I contrasti all'interno del trasporto marittimo italiano riguardano in primo luogo lo stesso ministero delle Infrastrutture e dei Trasporti, perché nei giorni precedenti alla formazione del Governo l'ennesima spaccatura riguardava l'eventuale creazione di un ministero del Mare: la Federazione del Mare (che raccoglie sedici sigle, tra cui Confitarma), Assologistica e Alis ne hanno chiesto a gran voce l'istituzione (o meglio, la rinascita, perché il ministero della Marina Mercantile operò in diverse forme dalla nascita del Regno d'Italia fino al 1993, quando venne integrato nel ministero dei Trasporti e della Navigazione), mentre Conftrasporto e Confetra lo ritengono un errore, perché bisogna piuttosto integrare meglio mare e terra.
Se, almeno fino al prossimo Governo, questa polemica è sopita con il mantenimento di un ministero delle Infrastrutture e dei Trasporti inalterato nella sua struttura, le battaglie navali restano sempre all'ordine del giorno. Cominciando con quelle tra i singoli armatori nel comparto delle autostrade del mare, dove la causa fondamentale sta nelle modalità di erogazione del marebonus e della tonnage tax. I duellanti sono Grimaldi e Onorato, che hanno portato sui rispettivi fronti anche associazioni esistenti o di nuova costituzione. Questo conflitto nasce sul mare, come dura concorrenza sulle rotte per Sardegna e Sicilia, prosegue sulle banchine portuali e raggiunge le stanze della politica, fino a bagnare i piedi del ministro dei Trasporti.
Le palle di cannone volano anche tra i velieri delle due confederazioni che rappresentano gli armatori: la storica Confitarma e la neonata AssArmatori. Sui due fronti ritroviamo, contrapposti, Grimaldi e Onorato, ma la frattura ha diviso l'intero panorama armatoriale italiano. Il nuovo ministro dovrà quindi confrontarsi con due realtà che rappresentano entrambe alcuni "pesi massimi" del trasporto marittimo. A complicare la questione sul fronte associativo tornano le crepe all'interno di Assoporti, l'associazione della Autorità di Sistema Portuale, che riguardano l'applicazione della recente riforma.
La terza battaglia navale si svolge tra sindacati e armatori sulla delicata questione dell'autoproduzione, ossia della possibilità di far svolgere attività di carico e scarico (soprattutto il rizzaggio nei traghetti) dagli equipaggi delle navi, invece in modo esclusivo dai lavoratori portuali.
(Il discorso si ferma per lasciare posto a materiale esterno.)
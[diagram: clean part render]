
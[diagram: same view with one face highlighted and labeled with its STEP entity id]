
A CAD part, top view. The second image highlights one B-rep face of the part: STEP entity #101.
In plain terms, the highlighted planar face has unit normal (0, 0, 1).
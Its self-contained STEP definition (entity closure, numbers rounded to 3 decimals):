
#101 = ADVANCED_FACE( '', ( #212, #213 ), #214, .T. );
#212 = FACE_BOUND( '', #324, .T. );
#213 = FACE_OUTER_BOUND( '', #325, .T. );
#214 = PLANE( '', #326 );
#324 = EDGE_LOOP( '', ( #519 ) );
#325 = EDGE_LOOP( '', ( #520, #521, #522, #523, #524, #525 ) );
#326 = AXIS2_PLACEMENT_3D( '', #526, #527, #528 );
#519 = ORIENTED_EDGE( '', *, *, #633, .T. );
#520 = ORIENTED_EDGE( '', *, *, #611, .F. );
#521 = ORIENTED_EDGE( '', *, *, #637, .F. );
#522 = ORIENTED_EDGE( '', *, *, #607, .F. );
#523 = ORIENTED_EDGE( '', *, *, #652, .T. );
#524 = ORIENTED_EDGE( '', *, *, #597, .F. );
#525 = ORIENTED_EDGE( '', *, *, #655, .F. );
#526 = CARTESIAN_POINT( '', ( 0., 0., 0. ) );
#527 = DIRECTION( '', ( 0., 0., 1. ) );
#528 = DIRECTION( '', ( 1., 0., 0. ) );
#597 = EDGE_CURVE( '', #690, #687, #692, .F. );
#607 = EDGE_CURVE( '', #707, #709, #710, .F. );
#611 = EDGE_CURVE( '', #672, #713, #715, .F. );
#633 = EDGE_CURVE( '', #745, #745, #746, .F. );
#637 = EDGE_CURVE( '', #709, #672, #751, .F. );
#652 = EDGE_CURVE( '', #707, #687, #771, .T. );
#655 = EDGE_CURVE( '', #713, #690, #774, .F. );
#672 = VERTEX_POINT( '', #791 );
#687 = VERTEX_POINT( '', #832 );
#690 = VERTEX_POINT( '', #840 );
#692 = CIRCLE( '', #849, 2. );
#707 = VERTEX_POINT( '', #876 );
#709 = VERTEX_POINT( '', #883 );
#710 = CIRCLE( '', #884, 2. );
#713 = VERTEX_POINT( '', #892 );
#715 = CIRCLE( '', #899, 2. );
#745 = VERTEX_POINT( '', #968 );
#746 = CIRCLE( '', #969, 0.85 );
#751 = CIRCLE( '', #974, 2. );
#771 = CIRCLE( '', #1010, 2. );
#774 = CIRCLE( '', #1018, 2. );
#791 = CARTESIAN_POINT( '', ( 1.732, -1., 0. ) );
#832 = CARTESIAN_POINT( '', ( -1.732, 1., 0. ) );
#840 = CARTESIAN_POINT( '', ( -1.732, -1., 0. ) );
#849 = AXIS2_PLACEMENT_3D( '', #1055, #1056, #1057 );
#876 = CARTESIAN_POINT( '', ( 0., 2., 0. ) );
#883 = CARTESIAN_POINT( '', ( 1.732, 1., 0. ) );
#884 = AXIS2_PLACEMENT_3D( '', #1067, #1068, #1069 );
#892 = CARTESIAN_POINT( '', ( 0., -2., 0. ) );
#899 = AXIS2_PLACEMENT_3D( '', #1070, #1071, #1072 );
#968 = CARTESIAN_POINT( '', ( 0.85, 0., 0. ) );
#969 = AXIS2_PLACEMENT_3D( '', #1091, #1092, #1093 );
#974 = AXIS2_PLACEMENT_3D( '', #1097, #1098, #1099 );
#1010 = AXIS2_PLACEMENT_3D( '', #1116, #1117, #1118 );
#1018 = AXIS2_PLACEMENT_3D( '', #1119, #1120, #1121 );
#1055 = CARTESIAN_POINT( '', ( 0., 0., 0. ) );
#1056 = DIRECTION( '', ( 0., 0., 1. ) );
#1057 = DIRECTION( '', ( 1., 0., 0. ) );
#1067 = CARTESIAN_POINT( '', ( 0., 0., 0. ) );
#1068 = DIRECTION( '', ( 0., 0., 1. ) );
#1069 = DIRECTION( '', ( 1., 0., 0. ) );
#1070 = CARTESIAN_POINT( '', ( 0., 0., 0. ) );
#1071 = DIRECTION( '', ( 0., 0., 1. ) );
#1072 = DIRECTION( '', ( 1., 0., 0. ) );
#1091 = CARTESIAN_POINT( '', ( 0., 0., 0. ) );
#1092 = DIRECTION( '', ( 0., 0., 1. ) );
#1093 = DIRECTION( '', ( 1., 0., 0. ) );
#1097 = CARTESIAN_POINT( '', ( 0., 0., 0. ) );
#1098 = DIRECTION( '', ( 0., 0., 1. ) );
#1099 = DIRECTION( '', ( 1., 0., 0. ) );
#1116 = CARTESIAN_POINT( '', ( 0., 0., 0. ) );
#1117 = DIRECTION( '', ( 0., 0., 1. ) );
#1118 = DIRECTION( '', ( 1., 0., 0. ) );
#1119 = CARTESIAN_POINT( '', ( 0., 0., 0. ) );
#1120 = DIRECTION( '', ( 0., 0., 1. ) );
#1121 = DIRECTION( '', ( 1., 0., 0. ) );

Una vertenza
calda, che ha già causato uno sciopero nazionale di 24 ore l'11 maggio scorso, proclamato dai sindacati confederali. Entrambi i fronti rivendicano la legittimità della loro posizione e sarà quindi importante un intervento politico. Un altro tema della vertenza è la sicurezza in banchina e anche in questo caso i sindacati chiedono un intervento del Governo.
Infine, c'è il fascicolo dei singoli porti, che stanno affrontando crisi di diversa natura. Gli scali di transhipment container soffrono di mancanza di lavoro, a causa della concorrenza delle banchine più economiche dell'Africa settentrionale e perfino di quella dei porti gateway, che stanno accogliendo portacontainer sempre più grandi. Questi ultimi, viceversa, mostrano seri problemi legati all'incremento di movimentazione in banchina, non solo di container ma anche di rotabili. Una situazione che sta creando conflitti con l'autotrasporto, che sconta lunghe attese per carico e scarico e code per entrare o uscire dai porti. Il rischio è una perdita di competitività a livello nazionale proprio quando gli scali italiani sembrano trovare un ruolo centrale nel trasporto europeo.
Il ministro dovrà affrontare anche una questione internazionale, sorta dalla decisione della Commissione Europea, tramite la DG Competition, di chiedere all'Italia di sottoporre a imposizione fiscale i canoni per le concessioni portuali, perché le Autorità di Sistema Portuale sono organismi interessati in attività economiche e l'attuale esenzione è una elemento che distorce la concorrenza. Se l'Italia non attuerà questo provvedimento, la Commissione avvierà un'azione per aiuti di Stato. L'intera filiera marittima pare d'accordo nell'opporsi all'imposizione fiscale, vista come un favore verso i porti del Nord Europa e chiede quindi al Governo di portare questa battaglia a Bruxelles.